# Exercise requirements
Repeat the records word for word, excluding any picture.

*** Data to process ***

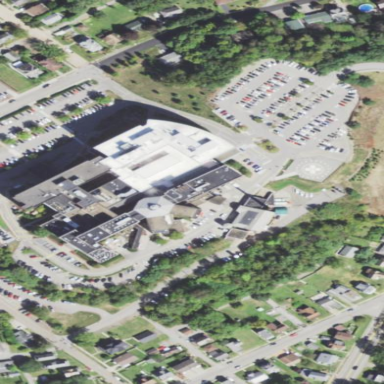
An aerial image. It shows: Healthcare facility identified as hospital.
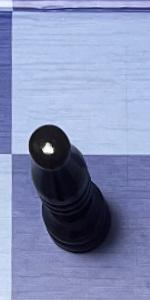
Label: Bishop_Black
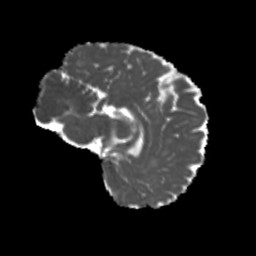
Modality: MD
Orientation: sagittal
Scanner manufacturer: siemens
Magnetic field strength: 3 T
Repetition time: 4 s
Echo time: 0.0594 s
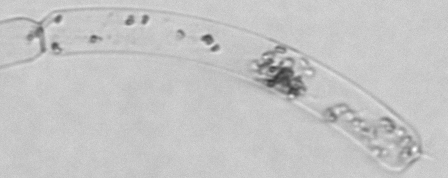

***

# Reply
An aerial image. It shows: Healthcare facility identified as hospital.
Label: Bishop_Black
Modality: MD
Orientation: sagittal
Scanner manufacturer: siemens
Magnetic field strength: 3 T
Repetition time: 4 s
Echo time: 0.0594 s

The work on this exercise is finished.